The Partner shall defend the Company and its directors, officers, employees, agents, and clients (“Indemnitees”) from and against any and all claims, demands, suits, proceedings, and actions brought by a third party relating to an allegation that the Partner violated the CCPA provision or the terms of this Addendum and shall the Indemnitees for all damages, losses, costs, and expenses (including reasonable attorneys’ fees) incurred by the Indemnitees arising out of or resulting from such claim.
6. Limitation of Liability
Notwithstanding any provision related to limitation of liability under the Agreement, the Partner’s liability for its obligations under this Addendum shall not be limited.
7. Conflict of Terms
Except as otherwise provided in this Addendum, in the event of a conflict between the terms of this Addendum and the Agreement, the terms and provisions of this Addendum shall govern. In the event of a conflict between this Addendum and any applicable Data Protection Agreement (“DPA”) executed between the parties, this Addendum shall control solely with respect to Personal Information of California Consumers. Except as expressly supplemented herein, the Agreement is not modified or amended in any other respect and, as modified herein, the Agreement is hereby ratified and confirmed in its entirety and remains in full force and effect in all respects.

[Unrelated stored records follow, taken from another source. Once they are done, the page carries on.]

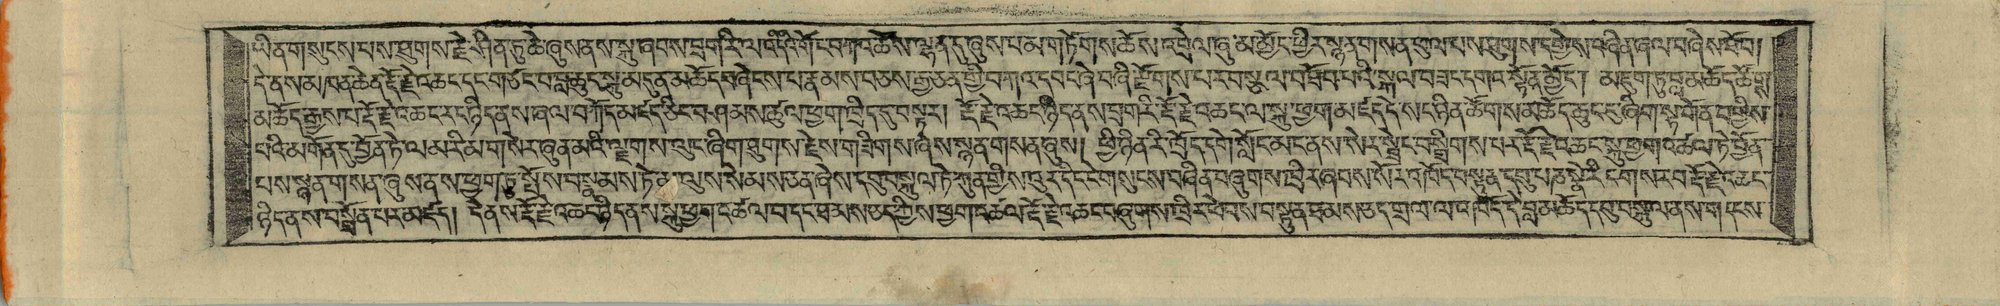ཡིན་གསུངས་པས་ཐུགས་རྗེ་ཤིན་ཏུ་ཆེ་ཞུས་ནས་སྐུ་ཞབས་བྲག་རི་ལ་འདིའི་གོང་བཀའ་ཆོས་ལྷན་དུ་ཞུས་པ་མ་གཏོགས་ཆོས་འབྲེལ་ཞུ་མ་མྱོང་ཕྱིར་སྙན་གསན་ཕུལ་པས་ཐུགས་དགྱེས་བཞིན་ཞལ་བཞེས་ཐོབ།
དེ་ནས་མཁན་ཆེན་རྡོ་རྗེ་འཆང་དང་གཙང་པ་བླ་ཆུང་སྐུ་མདུན་མཆོད་བཞེངས་པ་རྣམས་བཅས་རྒྱ་ཅན་གྱི་བཀའ་དབང་ཞེ་བཞི་རྫོགས་པར་བསྩལ་བ་ཐོབ་པའི་སྐལ་བཟང་དགའ་སྟོན་མྱོང་། མཇུག་ཏུ་བླ་མཆོད་ཚོགས་
མཆོད་རྒྱས་པ་རྡོ་རྗེ་འཆང་རང་ཉིད་ནས་ཞལ་བཀོད་མཛད་ཅིང་བཤམས་ཚུལ་ཕྱག་ཁྲིད་དུ་བསྟར། རྡོ་རྗེ་འཆང་ཉིད་ནས་བྲག་རི་རྡོ་རྗེ་འཆང་ལ་སྐུ་ཕྱག་མཛད་དེ་སང་ཉིན་ཚོགས་མཆོད་ཆུང་ངུ་ཞིག་སྟ་གོན་བགྱིས་
པའི་མགོན་དུ་བྱོན་ཏེ་ལམ་རིམ་གསེར་ཞུན་མའི་ལྗགས་ལུང་ཞིག་ཐུགས་རྗེས་གཟིགས་ཞེས་སྙན་གསན་ཞུས། ཕྱི་ཉིན་རི་ཁྲོད་དགེ་སློང་མང་ནས་སེར་སྦྲེང་བསྒྲིགས་པར་རྡོ་རྗེ་འཆང་སྐུ་ཕྱག་འཚལ་ཏེ་བྱོན་
པས་སྙན་གསན་ཞུས་ནས་ཕྱག་ཏུ་སྤོས་བསྣམས་ཏེ་མ་ལུས་སེམས་ཅན་ཞེས་དབུ་བསྐུལ་ཏེ་ཀུན་གྱིས་འུར་དིང་ངེ་གསུངས་བཞིན་བཞུགས་ཁྲིར་ཞབས་སོར་འཁོད་བསྟུན་དབུ་པཎ་སྣེ་རིང་གསར་བ་རྡོ་རྗེ་འཆང་
ཉིད་ནས་བསྒྲོན་པར་མཛད། དེ་ནས་རྡོ་རྗེ་འཆང་ཉིད་ནས་སྐུ་ཕྱག་འཚལ་བ་དང་ཐམས་ཅད་ཀྱིས་ཕྱག་འཚལ་རྡོ་རྗེ་འཆང་བཞུགས་ཁྲིར་ཕེབས་བསྟུན་ཐམས་ཅད་གྲལ་ལ་འཁོད་དེ་བླ་མཆོད་དབུ་བསྐུལ་ནས་གདངས་

In the event of changes to the CCPA or issuance of applicable regulation, court order, or governmental guidance relating to the CCPA, the Company may amend this Addendum accordingly. The most updated version will always be posted and reflected under the “Last Revised” date above. In the event of amendments that, according to the Company’s reasonable discretion, have material adverse impact on the Partner, the Company will make efforts to provide a written notification. Partner’s continued use of the Services following publication of a revised addendum or receipt of notification, as applicable, shall be considered as Partner’s agreement to be bound by the terms of the amended Addendum.